*EXERCISE DETAILS*:
Transcribe, exactly and in full, every record shown below, while omitting its images.

··· INFORMATION SHOWN ···

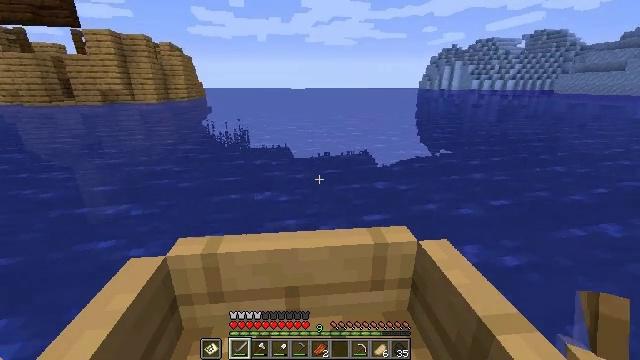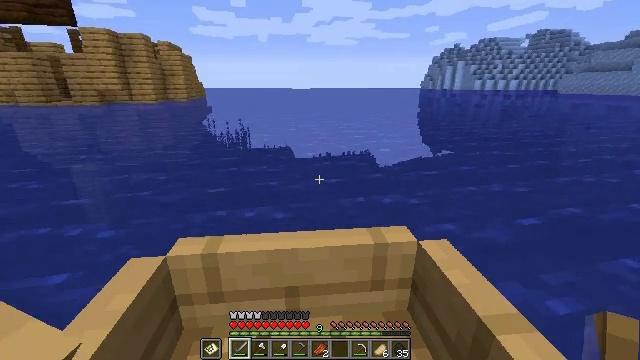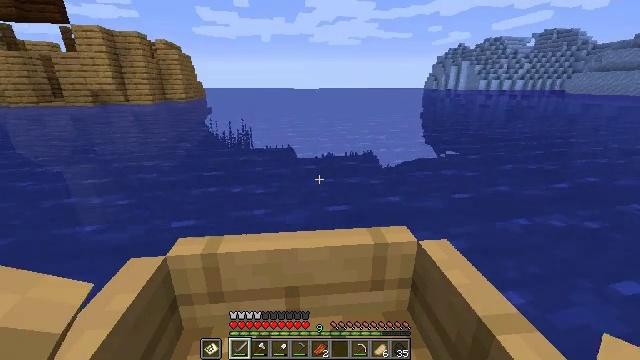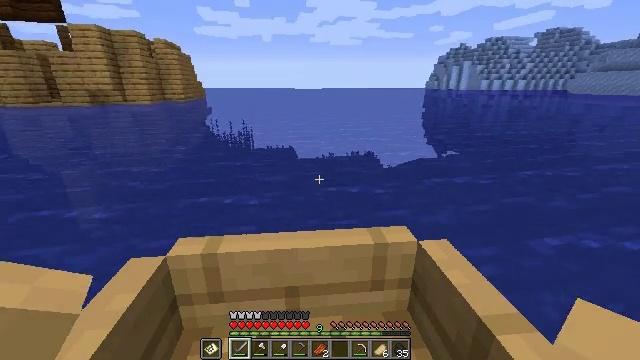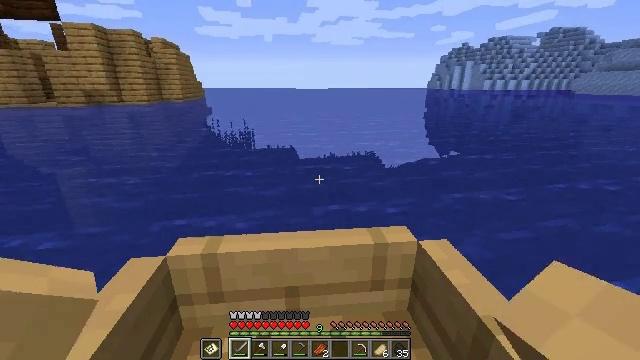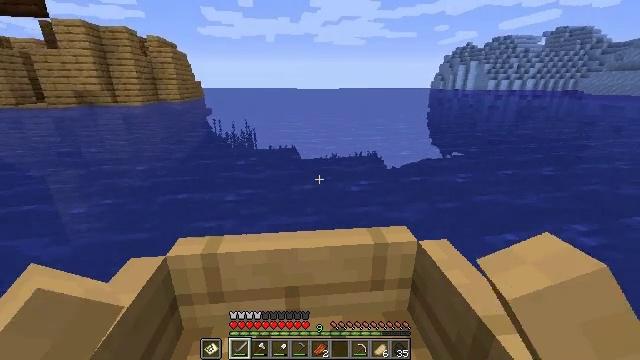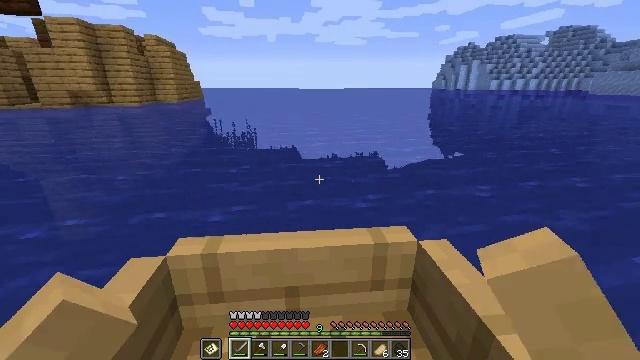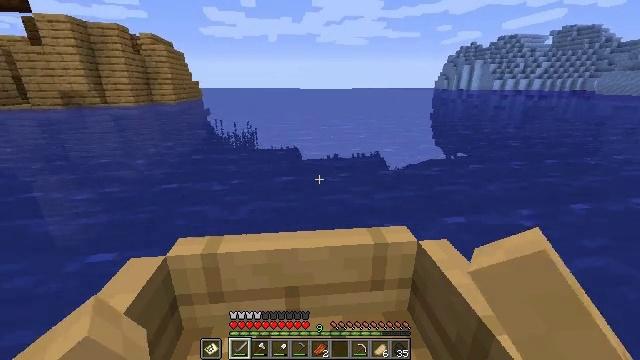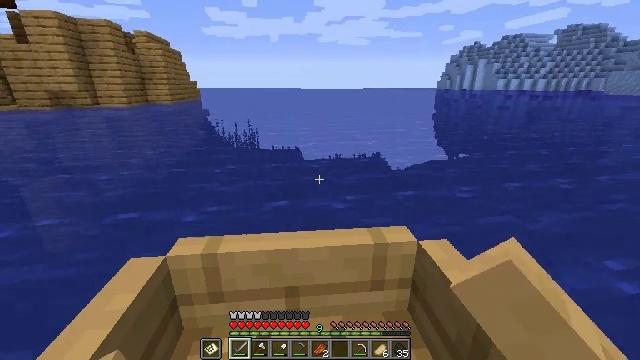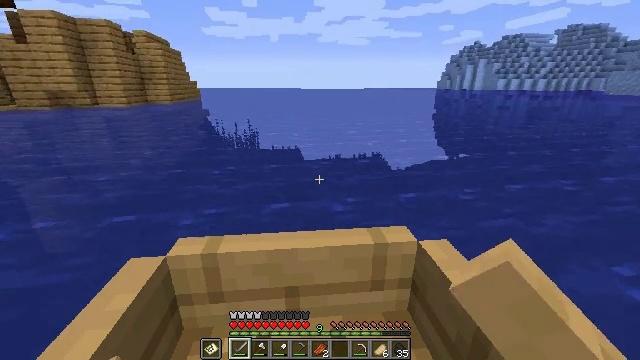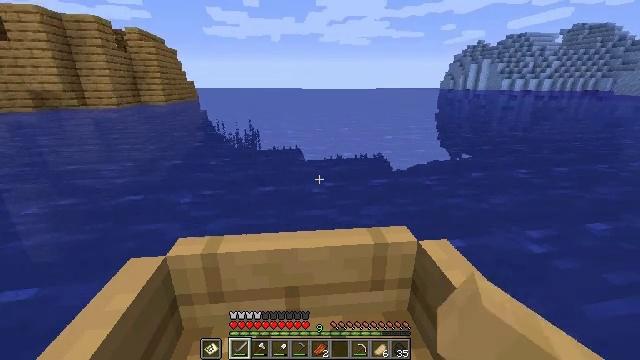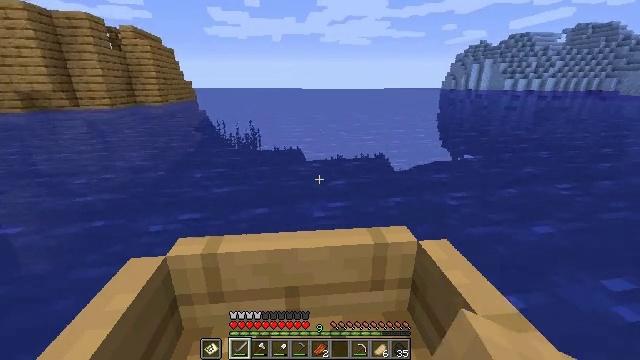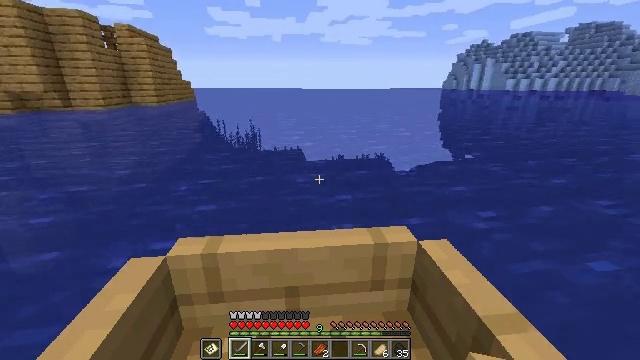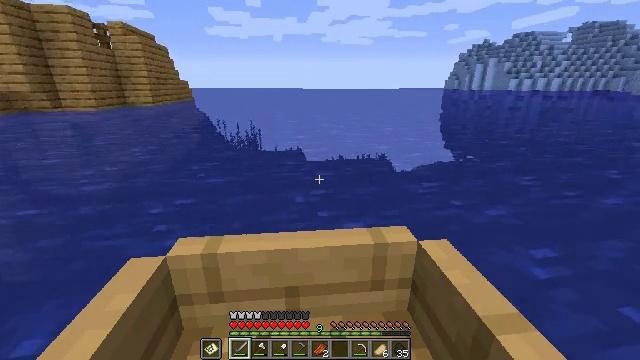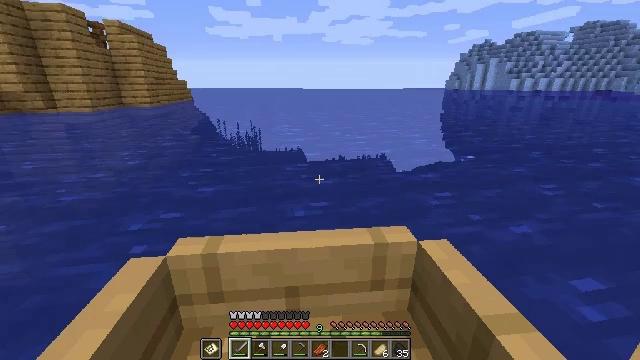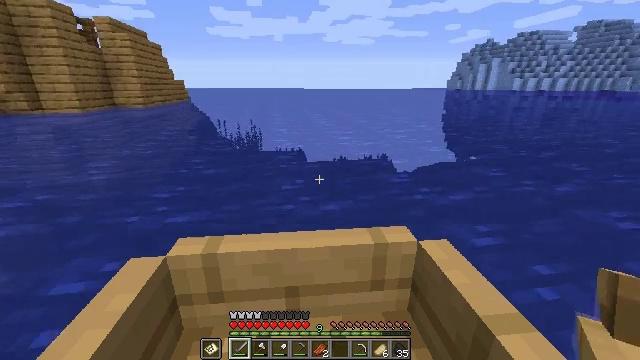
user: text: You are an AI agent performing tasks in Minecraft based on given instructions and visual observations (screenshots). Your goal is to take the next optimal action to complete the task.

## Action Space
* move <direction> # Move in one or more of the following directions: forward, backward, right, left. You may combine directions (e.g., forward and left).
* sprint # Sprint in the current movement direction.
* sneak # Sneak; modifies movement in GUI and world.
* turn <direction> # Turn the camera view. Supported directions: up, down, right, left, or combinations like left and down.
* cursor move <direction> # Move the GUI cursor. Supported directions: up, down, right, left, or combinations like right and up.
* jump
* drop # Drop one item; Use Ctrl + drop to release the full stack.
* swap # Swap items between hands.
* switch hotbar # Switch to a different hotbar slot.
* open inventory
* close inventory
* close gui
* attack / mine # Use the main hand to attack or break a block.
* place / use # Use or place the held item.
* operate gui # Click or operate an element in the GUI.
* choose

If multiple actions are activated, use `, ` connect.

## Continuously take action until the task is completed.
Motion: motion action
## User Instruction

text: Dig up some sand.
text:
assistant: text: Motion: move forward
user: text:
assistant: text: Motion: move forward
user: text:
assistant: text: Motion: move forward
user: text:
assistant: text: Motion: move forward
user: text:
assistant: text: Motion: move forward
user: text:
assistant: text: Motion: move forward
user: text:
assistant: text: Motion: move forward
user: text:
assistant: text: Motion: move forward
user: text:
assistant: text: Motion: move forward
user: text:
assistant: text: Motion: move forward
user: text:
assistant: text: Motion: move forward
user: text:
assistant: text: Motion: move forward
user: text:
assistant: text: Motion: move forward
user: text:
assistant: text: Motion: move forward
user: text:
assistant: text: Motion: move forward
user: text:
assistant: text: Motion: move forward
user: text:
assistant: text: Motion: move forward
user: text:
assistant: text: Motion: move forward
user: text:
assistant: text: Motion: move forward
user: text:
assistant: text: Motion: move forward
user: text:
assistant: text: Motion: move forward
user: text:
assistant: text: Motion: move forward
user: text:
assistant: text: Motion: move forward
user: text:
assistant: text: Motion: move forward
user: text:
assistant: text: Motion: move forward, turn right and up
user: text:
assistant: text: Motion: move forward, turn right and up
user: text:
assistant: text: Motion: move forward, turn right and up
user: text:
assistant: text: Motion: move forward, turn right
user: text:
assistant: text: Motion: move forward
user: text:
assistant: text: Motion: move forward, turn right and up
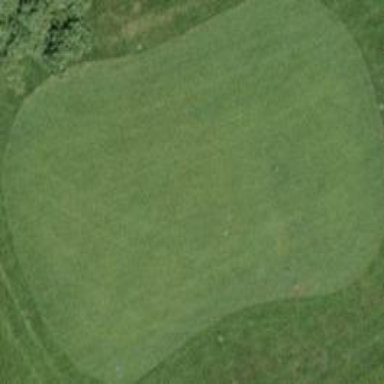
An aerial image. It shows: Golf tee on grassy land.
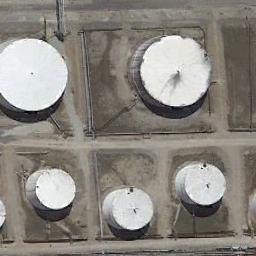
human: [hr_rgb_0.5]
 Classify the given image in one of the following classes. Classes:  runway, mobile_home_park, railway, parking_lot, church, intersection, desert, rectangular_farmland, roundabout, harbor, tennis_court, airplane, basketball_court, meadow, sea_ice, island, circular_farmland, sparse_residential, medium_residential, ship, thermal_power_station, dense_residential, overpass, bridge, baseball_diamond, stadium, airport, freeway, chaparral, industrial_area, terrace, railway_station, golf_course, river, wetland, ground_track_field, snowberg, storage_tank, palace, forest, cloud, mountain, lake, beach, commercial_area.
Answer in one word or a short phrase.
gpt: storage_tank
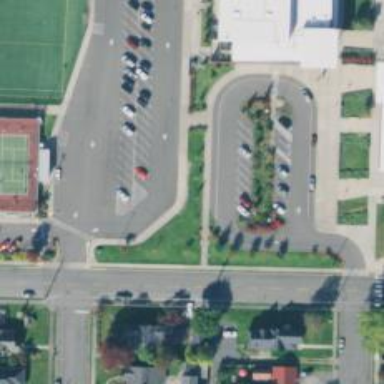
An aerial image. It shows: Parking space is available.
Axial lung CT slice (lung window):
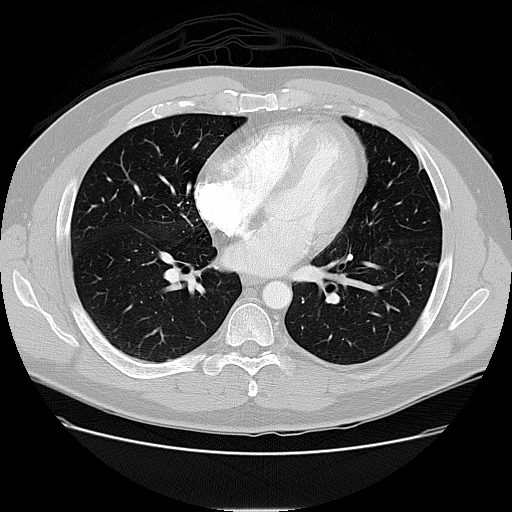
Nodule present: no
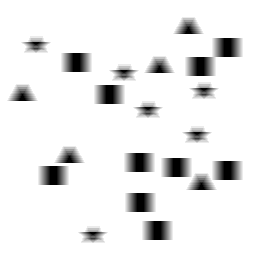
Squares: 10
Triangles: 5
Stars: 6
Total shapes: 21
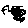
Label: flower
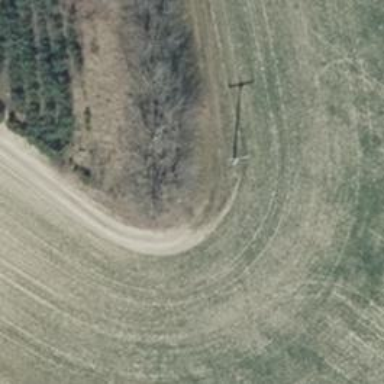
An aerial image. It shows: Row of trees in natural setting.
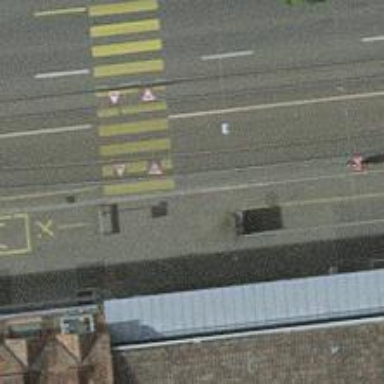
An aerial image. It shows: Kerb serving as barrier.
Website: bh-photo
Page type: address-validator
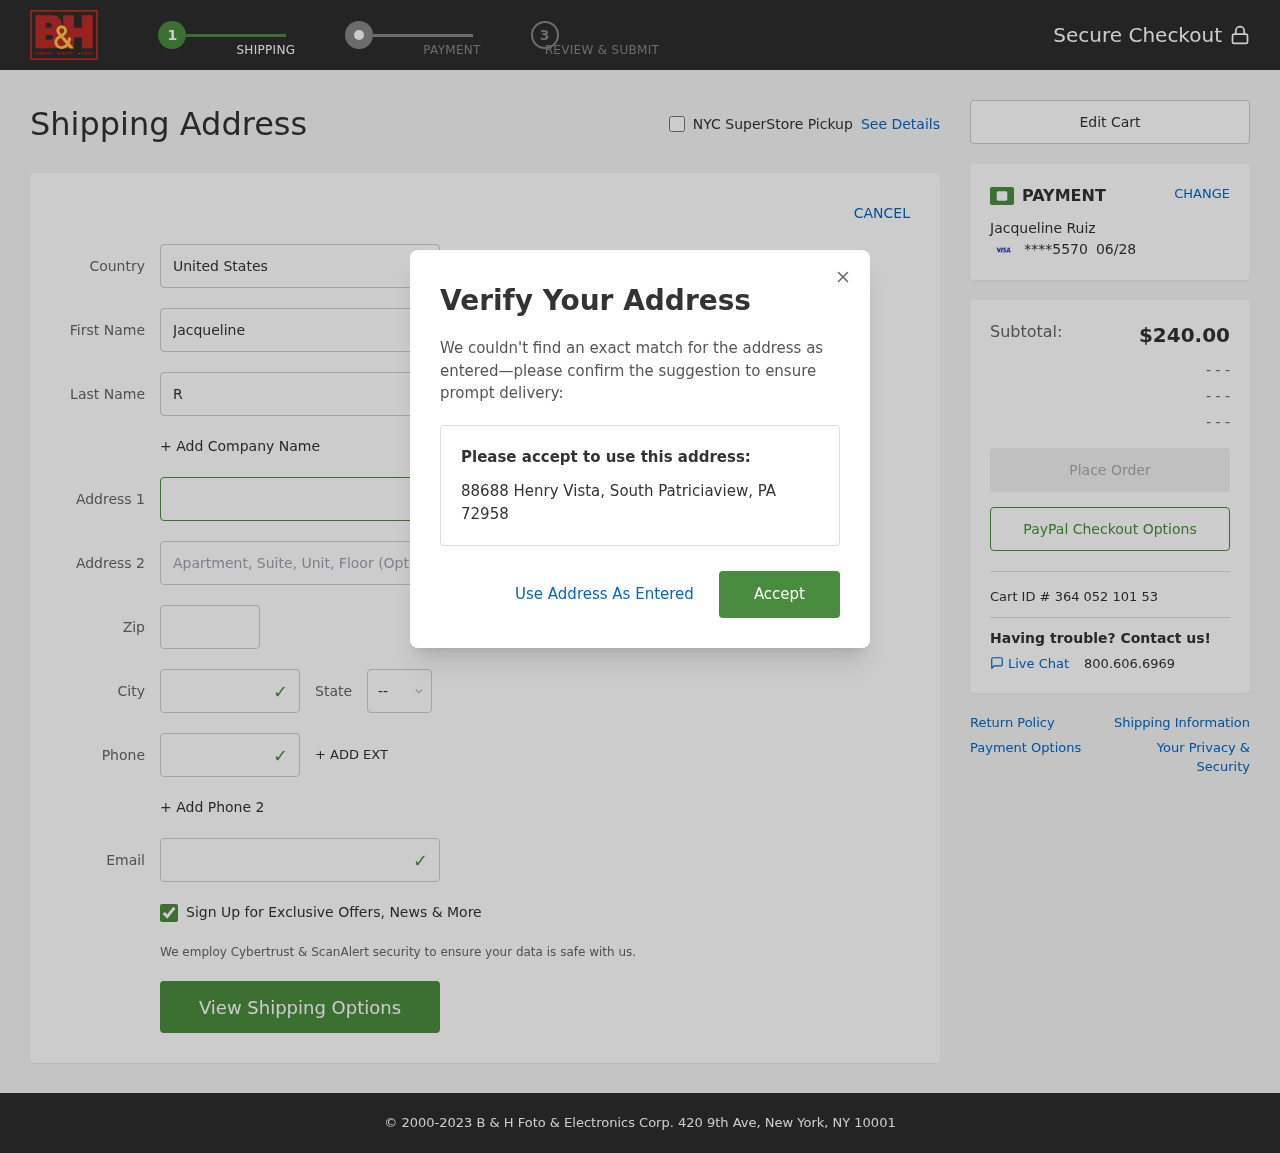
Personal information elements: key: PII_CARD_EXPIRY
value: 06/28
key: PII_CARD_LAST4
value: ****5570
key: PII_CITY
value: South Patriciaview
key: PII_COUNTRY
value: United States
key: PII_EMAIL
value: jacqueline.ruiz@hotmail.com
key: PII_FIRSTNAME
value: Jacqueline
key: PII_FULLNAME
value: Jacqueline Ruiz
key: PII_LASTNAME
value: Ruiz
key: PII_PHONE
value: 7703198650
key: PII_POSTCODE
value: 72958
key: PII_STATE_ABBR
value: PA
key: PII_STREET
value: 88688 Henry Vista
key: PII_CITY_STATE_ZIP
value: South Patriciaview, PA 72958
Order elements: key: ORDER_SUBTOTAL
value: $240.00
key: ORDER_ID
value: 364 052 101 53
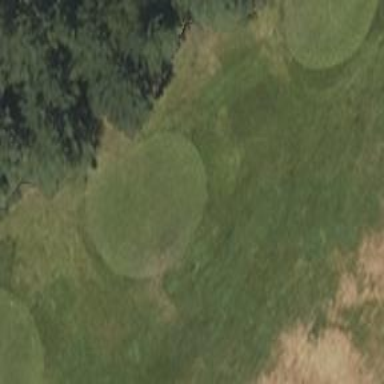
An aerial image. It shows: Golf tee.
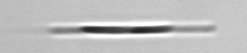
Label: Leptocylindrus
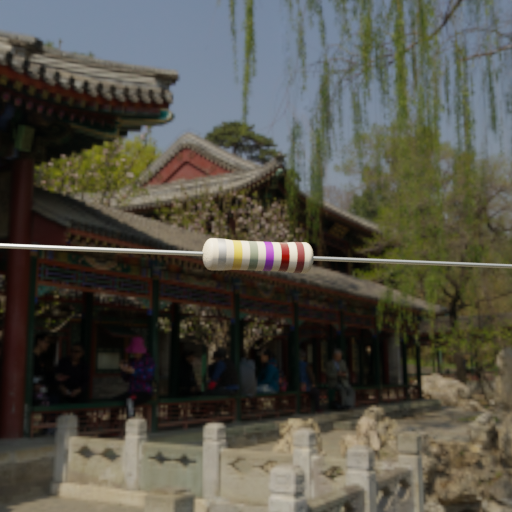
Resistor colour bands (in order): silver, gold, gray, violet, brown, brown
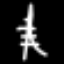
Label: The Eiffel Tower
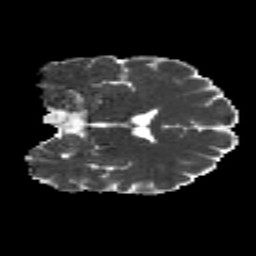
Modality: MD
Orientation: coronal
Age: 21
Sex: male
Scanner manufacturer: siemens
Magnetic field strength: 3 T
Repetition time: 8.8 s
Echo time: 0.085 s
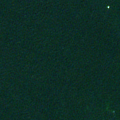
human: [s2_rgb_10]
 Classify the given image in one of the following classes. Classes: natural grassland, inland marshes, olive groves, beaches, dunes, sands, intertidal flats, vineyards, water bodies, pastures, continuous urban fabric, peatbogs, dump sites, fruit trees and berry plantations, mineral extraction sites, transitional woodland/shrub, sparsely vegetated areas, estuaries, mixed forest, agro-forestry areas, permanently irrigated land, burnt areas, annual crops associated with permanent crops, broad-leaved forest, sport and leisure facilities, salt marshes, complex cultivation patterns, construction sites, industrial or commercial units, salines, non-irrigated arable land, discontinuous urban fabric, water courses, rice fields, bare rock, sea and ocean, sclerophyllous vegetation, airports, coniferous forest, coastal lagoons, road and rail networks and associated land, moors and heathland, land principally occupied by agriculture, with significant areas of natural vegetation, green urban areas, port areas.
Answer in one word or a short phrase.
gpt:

···

*ANSWER*:
user: text: You are an AI agent performing tasks in Minecraft based on given instructions and visual observations (screenshots). Your goal is to take the next optimal action to complete the task.

## Action Space
* move <direction> # Move in one or more of the following directions: forward, backward, right, left. You may combine directions (e.g., forward and left).
* sprint # Sprint in the current movement direction.
* sneak # Sneak; modifies movement in GUI and world.
* turn <direction> # Turn the camera view. Supported directions: up, down, right, left, or combinations like left and down.
* cursor move <direction> # Move the GUI cursor. Supported directions: up, down, right, left, or combinations like right and up.
* jump
* drop # Drop one item; Use Ctrl + drop to release the full stack.
* swap # Swap items between hands.
* switch hotbar # Switch to a different hotbar slot.
* open inventory
* close inventory
* close gui
* attack / mine # Use the main hand to attack or break a block.
* place / use # Use or place the held item.
* operate gui # Click or operate an element in the GUI.
* choose

If multiple actions are activated, use `, ` connect.

## Continuously take action until the task is completed.
Motion: motion action
## User Instruction

text: Dig up some sand.
text:
assistant: text: Motion: move forward
user: text:
assistant: text: Motion: move forward
user: text:
assistant: text: Motion: move forward
user: text:
assistant: text: Motion: move forward
user: text:
assistant: text: Motion: move forward
user: text:
assistant: text: Motion: move forward
user: text:
assistant: text: Motion: move forward
user: text:
assistant: text: Motion: move forward
user: text:
assistant: text: Motion: move forward
user: text:
assistant: text: Motion: move forward
user: text:
assistant: text: Motion: move forward
user: text:
assistant: text: Motion: move forward
user: text:
assistant: text: Motion: move forward
user: text:
assistant: text: Motion: move forward
user: text:
assistant: text: Motion: move forward
user: text:
assistant: text: Motion: move forward
user: text:
assistant: text: Motion: move forward
user: text:
assistant: text: Motion: move forward
user: text:
assistant: text: Motion: move forward
user: text:
assistant: text: Motion: move forward
user: text:
assistant: text: Motion: move forward
user: text:
assistant: text: Motion: move forward
user: text:
assistant: text: Motion: move forward
user: text:
assistant: text: Motion: move forward
user: text:
assistant: text: Motion: move forward, turn right and up
user: text:
assistant: text: Motion: move forward, turn right and up
user: text:
assistant: text: Motion: move forward, turn right and up
user: text:
assistant: text: Motion: move forward, turn right
user: text:
assistant: text: Motion: move forward
user: text:
assistant: text: Motion: move forward, turn right and up
An aerial image. It shows: Golf tee on grassy land.
human: [hr_rgb_0.5]
 Classify the given image in one of the following classes. Classes:  runway, mobile_home_park, railway, parking_lot, church, intersection, desert, rectangular_farmland, roundabout, harbor, tennis_court, airplane, basketball_court, meadow, sea_ice, island, circular_farmland, sparse_residential, medium_residential, ship, thermal_power_station, dense_residential, overpass, bridge, baseball_diamond, stadium, airport, freeway, chaparral, industrial_area, terrace, railway_station, golf_course, river, wetland, ground_track_field, snowberg, storage_tank, palace, forest, cloud, mountain, lake, beach, commercial_area.
Answer in one word or a short phrase.
gpt: storage_tank
An aerial image. It shows: Parking space is available.
Axial lung CT slice (lung window):
Nodule present: no
Squares: 10
Triangles: 5
Stars: 6
Total shapes: 21
Label: flower
An aerial image. It shows: Row of trees in natural setting.
An aerial image. It shows: Kerb serving as barrier.
Website: bh-photo
Page type: address-validator
Personal information elements: key: PII_CARD_EXPIRY
value: 06/28
key: PII_CARD_LAST4
value: ****5570
key: PII_CITY
value: South Patriciaview
key: PII_COUNTRY
value: United States
key: PII_EMAIL
value: jacqueline.ruiz@hotmail.com
key: PII_FIRSTNAME
value: Jacqueline
key: PII_FULLNAME
value: Jacqueline Ruiz
key: PII_LASTNAME
value: Ruiz
key: PII_PHONE
value: 7703198650
key: PII_POSTCODE
value: 72958
key: PII_STATE_ABBR
value: PA
key: PII_STREET
value: 88688 Henry Vista
key: PII_CITY_STATE_ZIP
value: South Patriciaview, PA 72958
Order elements: key: ORDER_SUBTOTAL
value: $240.00
key: ORDER_ID
value: 364 052 101 53
An aerial image. It shows: Golf tee.
Label: Leptocylindrus
Resistor colour bands (in order): silver, gold, gray, violet, brown, brown
Label: The Eiffel Tower
Modality: MD
Orientation: coronal
Age: 21
Sex: male
Scanner manufacturer: siemens
Magnetic field strength: 3 T
Repetition time: 8.8 s
Echo time: 0.085 s
human: [s2_rgb_10]
 Classify the given image in one of the following classes. Classes: natural grassland, inland marshes, olive groves, beaches, dunes, sands, intertidal flats, vineyards, water bodies, pastures, continuous urban fabric, peatbogs, dump sites, fruit trees and berry plantations, mineral extraction sites, transitional woodland/shrub, sparsely vegetated areas, estuaries, mixed forest, agro-forestry areas, permanently irrigated land, burnt areas, annual crops associated with permanent crops, broad-leaved forest, sport and leisure facilities, salt marshes, complex cultivation patterns, construction sites, industrial or commercial units, salines, non-irrigated arable land, discontinuous urban fabric, water courses, rice fields, bare rock, sea and ocean, sclerophyllous vegetation, airports, coniferous forest, coastal lagoons, road and rail networks and associated land, moors and heathland, land principally occupied by agriculture, with significant areas of natural vegetation, green urban areas, port areas.
Answer in one word or a short phrase.
gpt:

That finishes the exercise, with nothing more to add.